A LexisNexis search by The Dallas Express reveals the media’s use of terms like “Russia,” “election,” and “critical infrastructure” surged dramatically in mid-2016 — shortly after a newly declassified email from a George Soros-linked operative appeared to suggest deploying exactly that language as part of a political strategy.

Between Jan. 1, 2016, and August 2019, the phrase combination appeared 23,448 times in English-language media sources indexed by LexisNexis, with spikes beginning in July 2016 and peaking during the early months of President Trump’s first term in 2017.

The timing aligns closely with emails described in a newly declassified annex to the Durham Report, released by U.S. intelligence leaders including CIA Director John Ratcliffe, FBI Director Kash Patel, Director of National Intelligence Tulsi Gabbard, and Attorney General Pam Bondi. The emails, allegedly authored by Leonard Benardo of the Open Society Foundations, suggest discussions within Hillary Clinton’s 2016 campaign and Soros affiliates about portraying Trump as compromised by Russia.
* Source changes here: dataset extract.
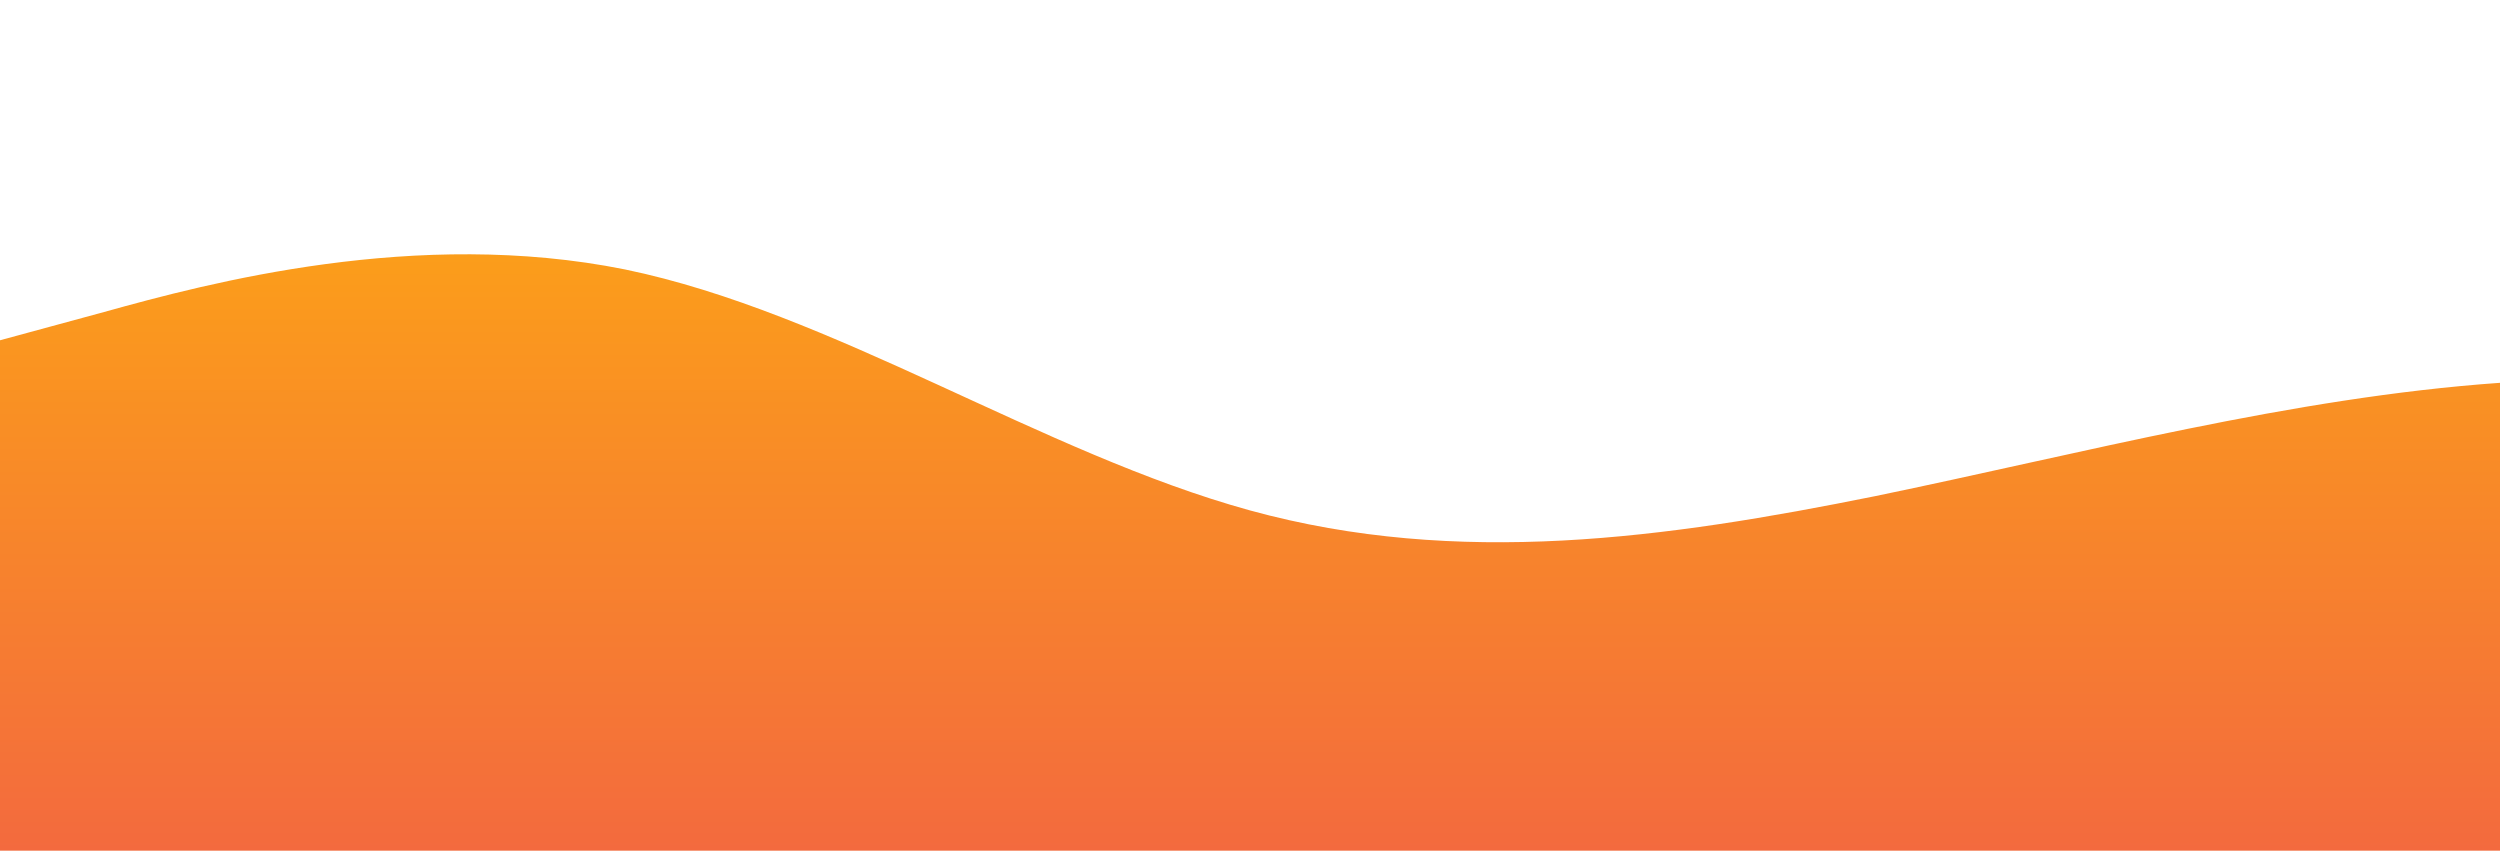 <?xml version="1.0" standalone="no"?>
<svg xmlns:xlink="http://www.w3.org/1999/xlink" id="wave" style="transform:rotate(0deg); transition: 0.3s" viewBox="0 0 1440 490" version="1.1" xmlns="http://www.w3.org/2000/svg"><defs><linearGradient id="sw-gradient-0" x1="0" x2="0" y1="1" y2="0"><stop stop-color="rgba(243, 106, 62, 1)" offset="0%"/><stop stop-color="rgba(255, 179, 11, 1)" offset="100%"/></linearGradient></defs><path style="transform:translate(0, 0px); opacity:1" fill="url(#sw-gradient-0)" d="M0,196L60,179.7C120,163,240,131,360,155.2C480,180,600,261,720,294C840,327,960,310,1080,285.8C1200,261,1320,229,1440,220.5C1560,212,1680,229,1800,269.5C1920,310,2040,376,2160,367.5C2280,359,2400,278,2520,228.7C2640,180,2760,163,2880,163.3C3000,163,3120,180,3240,187.8C3360,196,3480,196,3600,163.3C3720,131,3840,65,3960,49C4080,33,4200,65,4320,98C4440,131,4560,163,4680,204.2C4800,245,4920,294,5040,302.2C5160,310,5280,278,5400,253.2C5520,229,5640,212,5760,204.2C5880,196,6000,196,6120,220.5C6240,245,6360,294,6480,310.3C6600,327,6720,310,6840,261.3C6960,212,7080,131,7200,155.2C7320,180,7440,310,7560,310.3C7680,310,7800,180,7920,155.2C8040,131,8160,212,8280,204.2C8400,196,8520,98,8580,49L8640,0L8640,490L8580,490C8520,490,8400,490,8280,490C8160,490,8040,490,7920,490C7800,490,7680,490,7560,490C7440,490,7320,490,7200,490C7080,490,6960,490,6840,490C6720,490,6600,490,6480,490C6360,490,6240,490,6120,490C6000,490,5880,490,5760,490C5640,490,5520,490,5400,490C5280,490,5160,490,5040,490C4920,490,4800,490,4680,490C4560,490,4440,490,4320,490C4200,490,4080,490,3960,490C3840,490,3720,490,3600,490C3480,490,3360,490,3240,490C3120,490,3000,490,2880,490C2760,490,2640,490,2520,490C2400,490,2280,490,2160,490C2040,490,1920,490,1800,490C1680,490,1560,490,1440,490C1320,490,1200,490,1080,490C960,490,840,490,720,490C600,490,480,490,360,490C240,490,120,490,60,490L0,490Z"/></svg>

“The point is making the Russian play a U.S. domestic issue,” Benardo purportedly wrote on July 27, 2016. “Say something like a critical infrastructure threat for the election to feel menace since both POTUS and VPOTUS have acknowledged the fact IC would speed up searching for evidence that is regrettably still unavailable.”

Benardo’s email came just days before the FBI formally opened its counterintelligence probe, Crossfire Hurricane, on July 31, 2016.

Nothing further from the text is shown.